Les Secrets du Génie juif
J’ai cette anecdote (apocryphe) tirée du nouveau livre de Norman Lebrecht, « Genius&Anxiety,”une étude érudite et délicieuse des réalisations intellectuelles et de la vie éprouvante de penseurs, d’artistes et d’entrepreneurs juifs entre 1847 et 1947. Sarah Bernhardt et Franz Kafka; Albert Einstein et Rosalind Franklin; Benjamin Disraeli et (soupir) Karl Marx – comment se fait-il qu’un peuple qui ne représentait jamais un tiers de 1 pour cent de la population mondiale ait contribué de manière si séminale à tant de ses idées et innovations les plus révolutionnaires?
La réponse commune est que les Juifs sont, ou ont tendance à être, intelligents. Mais l’explication « Les Juifs sont intelligents » obscurcit plus qu’elle n’éclaire. Mis à part les questions pérennes sur la nature ou l’alimentation, il y a la question plus difficile de savoir pourquoi cette intelligence était si souvent assortie d’une originalité et d’un but si ambitieux. On peut appliquer une intelligence prodigieuse au service de choses prosaïques — formuler un plan de guerre, par exemple, ou construire un navire.

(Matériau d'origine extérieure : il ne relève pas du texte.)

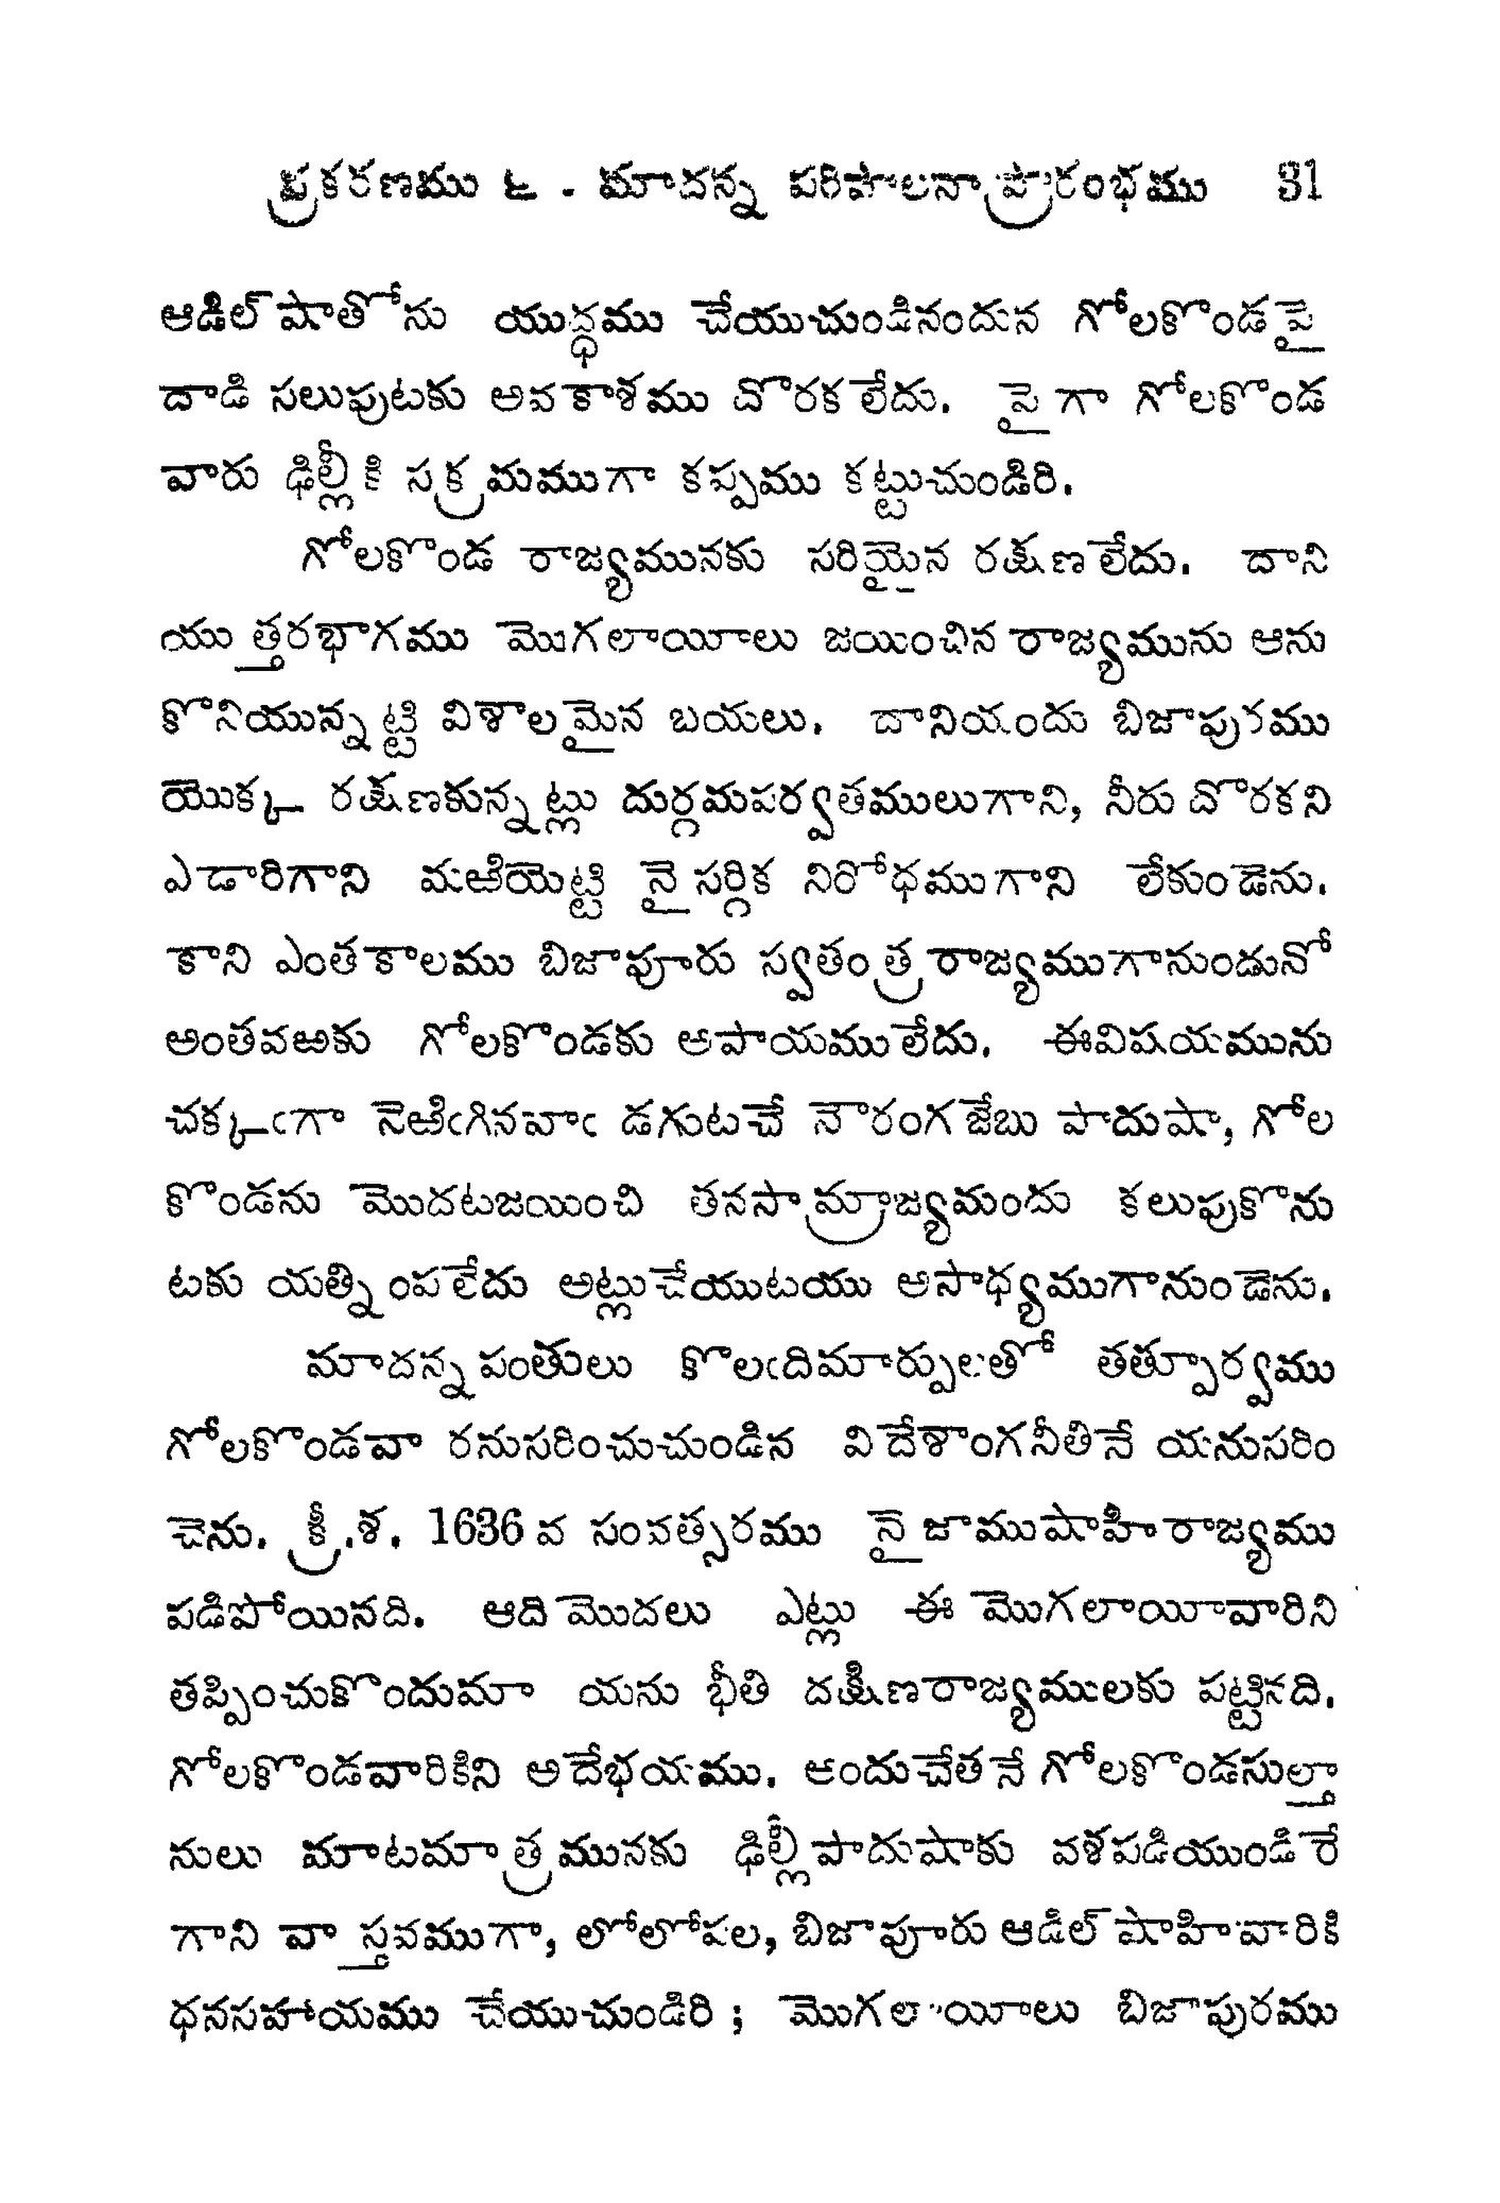ఆడిల్‌షాతోను యుద్ధము చేయుచుండినందున గోలకొండపై దాడి సలుపుటకు అవకాశము దొరకలేదు. పైగా గోలకొండ వారు ఢిల్లీకి సక్రమముగా కప్పము కట్టుచుండిరి.

గోలకొండ రాజ్యమునకు సరియైన రక్షణ లేదు. దాని యుత్తరభాగము మొగలాయీలు జయించిన రాజ్యమును ఆనుకొనియున్నట్టి విశాలమైన బయలు. దానియందు బిజాపురము యొక్క రక్షణకున్నట్లు దుర్గమపర్వతములుగాని, నీరు దొరకని ఎడారిగాని మఱియెట్టి నైసర్గిక నిరోధముగాని లేకుండెను. కాని ఎంతకాలము బిజాపూరు స్వతంత్రరాజ్యముగానుండునో అంతవఱకు గోలకొండకు అపాయములేదు. ఈవిషయమును చక్కఁగా నెఱిఁగినవాఁ డగుటచే నౌరంగజేబు పాదుషా, గోలకొండను మొదటజయించి తనసామ్రాజ్యమందు కలుపుకొనుటకు యత్నింపలేదు అట్లుచేయుటయు అసాధ్యముగానుండెను. 

మాదన్న పంతులు కొలఁదిమార్పులతో తత్పూర్వము గోలకొండవా రనుసరించుచుండిన విదేశాంగనీతినే యనుసరించెను. క్రీ.శ. 1636 వ సంవత్సరము నైజాముషాహిరాజ్యము పడిపోయినది. అదిమొదలు ఎట్లు ఈ మొగలాయివారిని తప్పించుకొందుమా యను భీతి దక్షిణరాజ్యములకు పట్టినది. గోలకొండవారికిని అదేభయము. అందుచేతనే గోలకొండసుల్తానులు మాటమాత్రమునకు ఢిల్లీపాదుషాకు వశపడియుండిరే గాని వాస్తవముగా, లోలోపల, బిజాపూరు ఆడిల్‌షాహివారికి ధనసహాయము చేయుచుండిరి; మొగలాయీలు బిజాపురము

On peut aussi mettre de l’éclat au service d’une erreur ou d’un crime, comme la gestion d’une économie planifiée ou le braquage d’une banque.
Mais comme le suggère l’histoire du rabbin lituanien, le génie juif opère différemment. Il est enclin à remettre en question la prémisse et à repenser le concept; à se demander pourquoi (ou pourquoi pas?) aussi souvent que comment; voir l’absurde dans le banal et le sublime dans l’absurde. Là où l’avantage des Juifs réside le plus souvent, c’est dans la pensée différente.
D’où viennent ces habitudes d’esprit ?
Il existe une tradition religieuse qui, contrairement à d’autres, demande au croyant non seulement d’observer et d’obéir, mais aussi de discuter et de ne pas être d’accord. Il y a le statut jamais tout à fait confortable des Juifs dans des endroits où ils sont la minorité – connaissant intimement les coutumes du pays tout en maintenant une distance critique avec eux. Il existe une croyance morale, « incarnée dans le peuple juif” selon Einstein, selon laquelle « la vie de l’individu n’a de valeur que dans la mesure où elle contribue à rendre la vie de tout être vivant plus noble et plus belle. »
Et il y a la compréhension, née d’exils répétés, que tout ce qui semble solide et précieux est finalement périssable, tandis que tout ce qui est intangible — la connaissance surtout — est potentiellement éternel.